Tencent Container Registry (TCR) Enterprise Edition supports public network access control. An allowlist can be configured to restrict instance access by clients through the Internet, ensuring instance data privacy and security. When a TCR Enterprise Edition instance is created, the public network access entry is disabled by default. This means that you cannot use a development test server to push or pull images over the Internet.
This document describes how to configure public network access control for a TCR Enterprise Edition instance.
Before configuring public network access control for a TCR Enterprise Edition instance, you must first create a TCR Enterprise Edition instance.
Enabling the public network access entry
- Log in to the TCR console and choose Network ACL > Public network in the left sidebar.
- To change the instance, select the region where the desired instance is deployed and the desired instance name from the Instance Name drop-down list at the top of the "Public network" page.
- Select Open Internet Access Entry to enable the public network access entry.
When the status of this button changes from Opening to Close Internet Access Entry and Add a public IP to allowlist becomes selectable, the public network access entry has been successfully enabled, as shown in the figure below.
After the entry is enabled, all Internet access requests are still denied.
Configuring the access policy
- On the "Public network" page, click Add a public IP to allowlist and configure the Public IP Range and Note in the window that appears, as shown in the figure below.
- Associated Instance: target instance, for which the public network access policy is configured.
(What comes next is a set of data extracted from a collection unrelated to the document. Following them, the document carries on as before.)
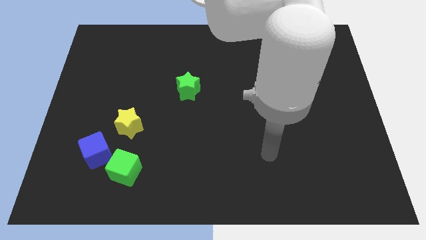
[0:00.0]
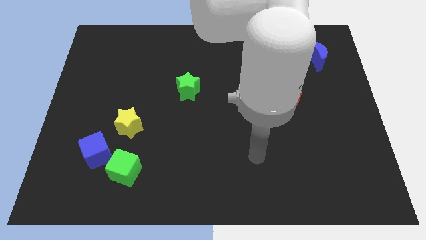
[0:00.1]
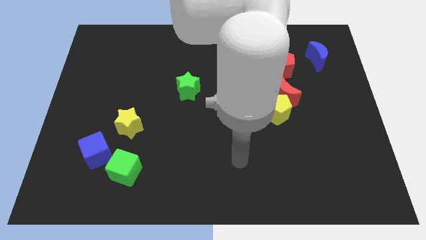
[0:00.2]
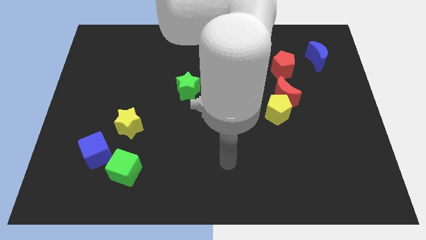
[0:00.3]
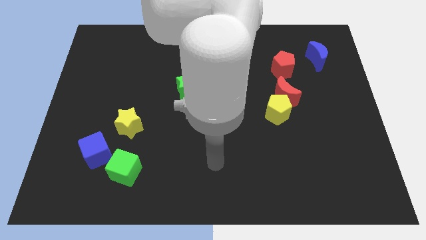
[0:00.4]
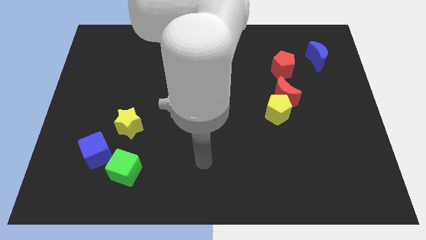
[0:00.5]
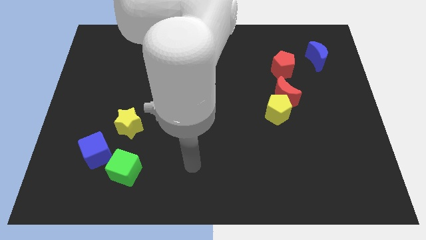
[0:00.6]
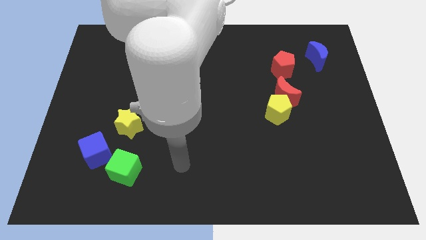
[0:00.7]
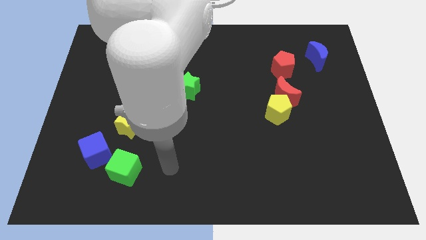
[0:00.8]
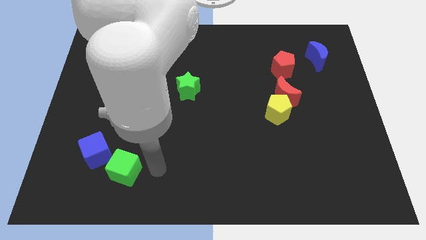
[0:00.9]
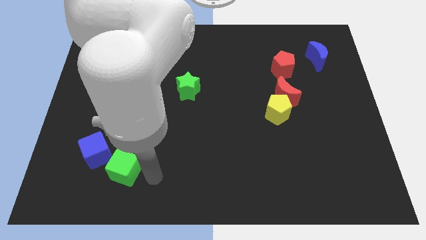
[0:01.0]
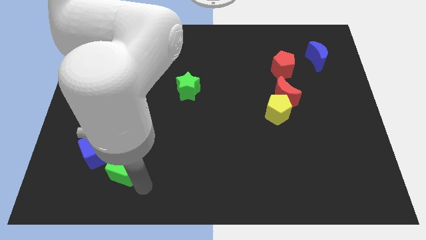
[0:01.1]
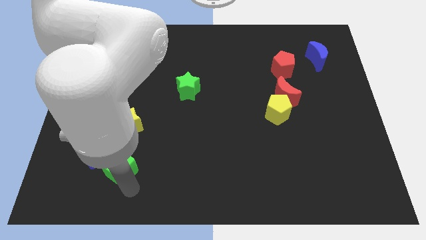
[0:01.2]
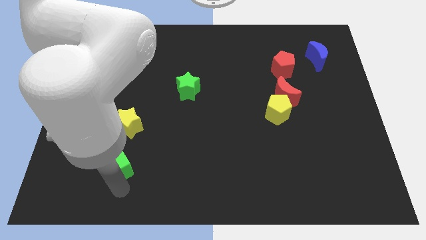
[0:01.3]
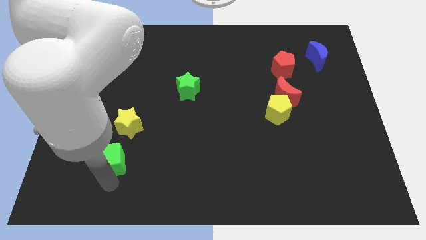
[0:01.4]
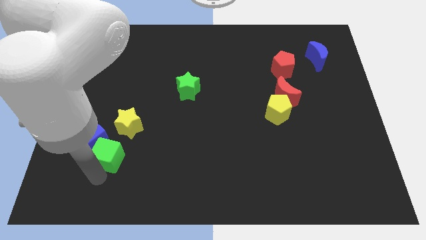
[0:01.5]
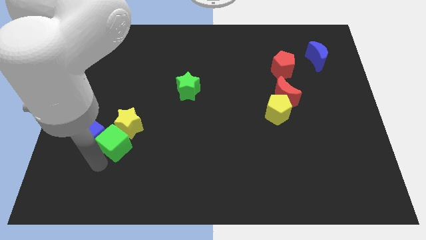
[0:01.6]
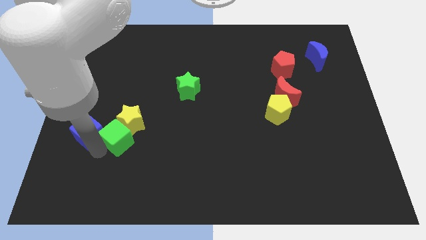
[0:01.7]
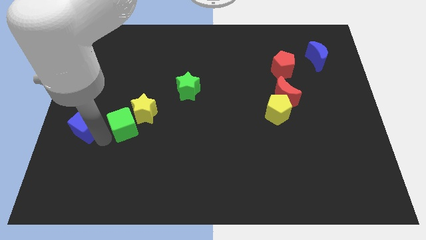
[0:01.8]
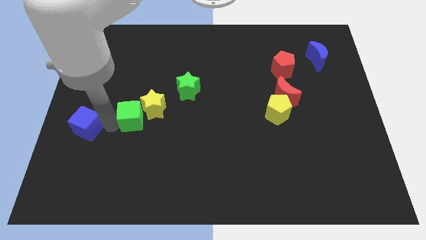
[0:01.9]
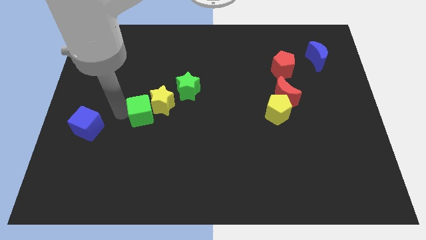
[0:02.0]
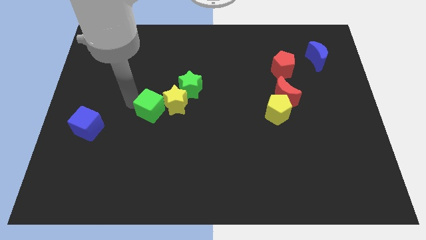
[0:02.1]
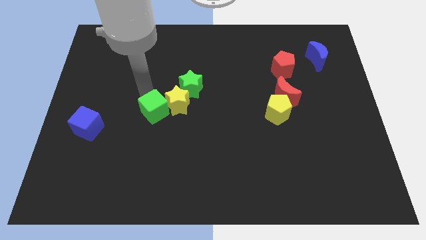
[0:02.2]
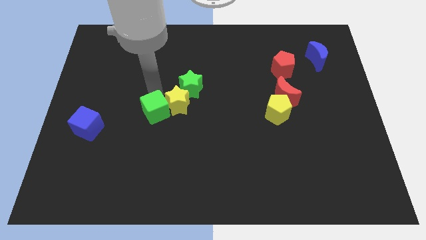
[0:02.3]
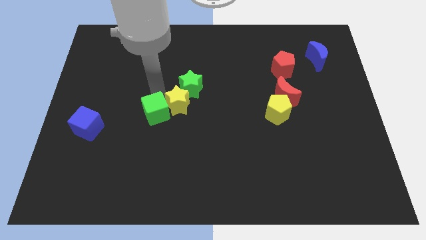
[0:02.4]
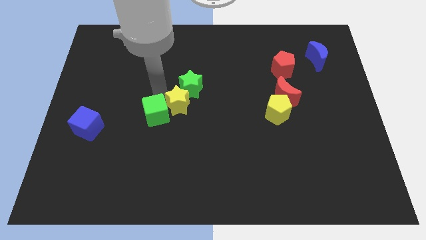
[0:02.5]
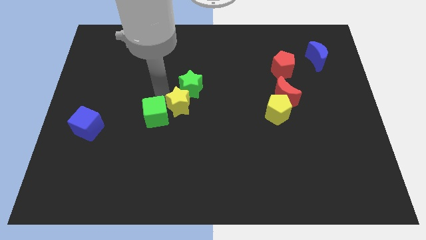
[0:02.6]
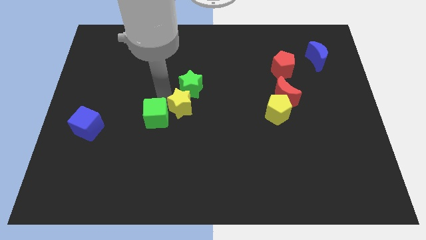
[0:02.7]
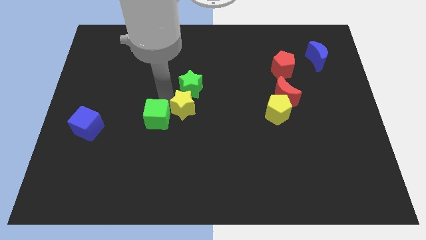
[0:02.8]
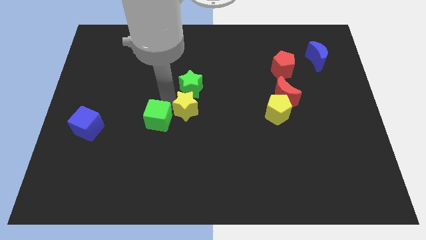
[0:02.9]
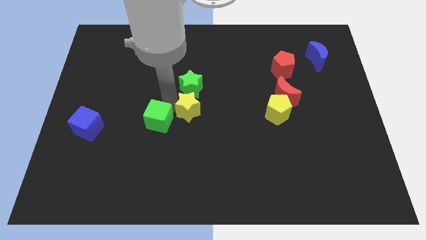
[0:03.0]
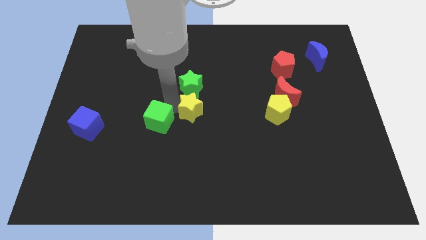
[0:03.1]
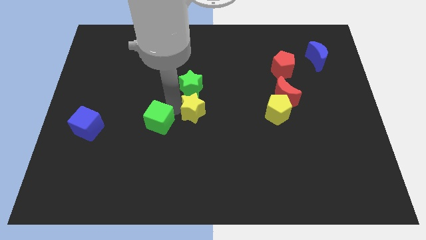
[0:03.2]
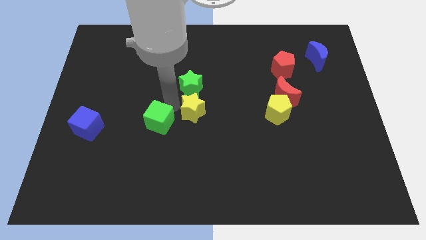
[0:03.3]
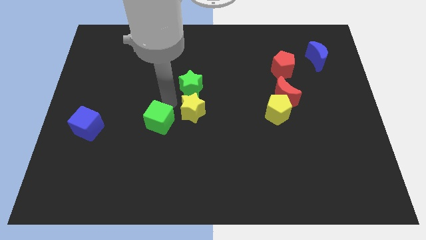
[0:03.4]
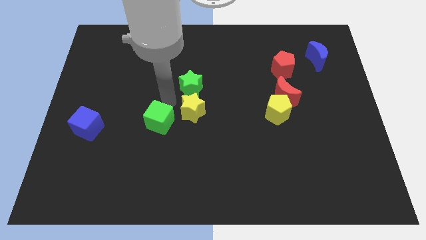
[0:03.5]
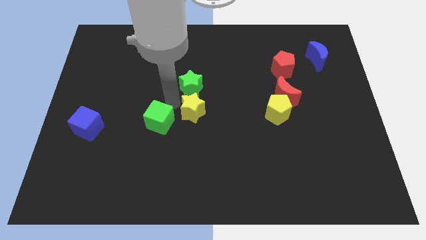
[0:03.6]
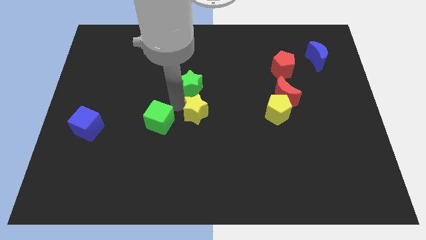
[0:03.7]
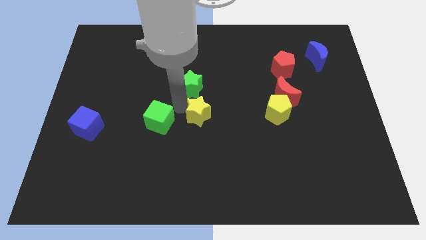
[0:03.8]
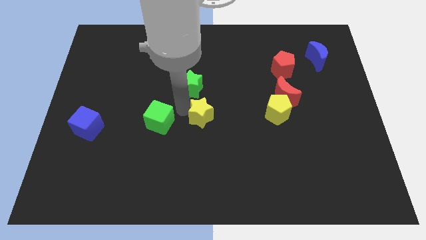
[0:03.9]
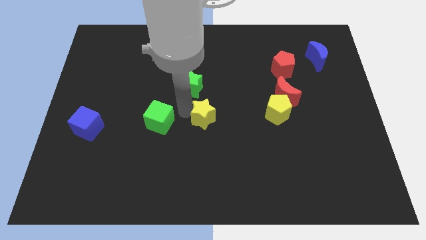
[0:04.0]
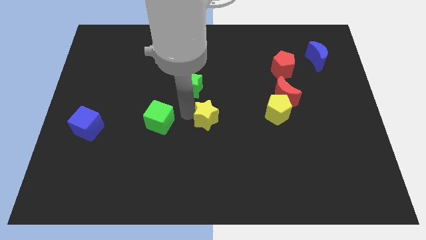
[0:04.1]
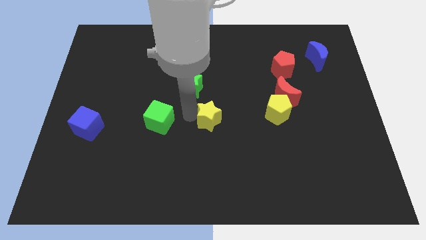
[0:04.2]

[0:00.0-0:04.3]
move the yellow star to the left side of the yellow pentagon

To change the instance, select the desired instance name from the "Instance Name" drop-down list at the top of the "Public network" page.
- Public IP Range: public IP address range that is allowed to access the instance. The value can be a single IPv4 address or CIDR, for example,
192.168.0.0/24. We do not recommend that you enter
0.0.0.0/0 to accept all Internet access requests to the instance.
- Note: notes about the access policy. This parameter is optional.
- Click OK. The public network access allowlist policy is added and takes effect.
- To change the allowlist information, delete the policy and create another one.
- If the public network access entry cannot be enabled or the allowlist policy cannot be created, submit a ticket.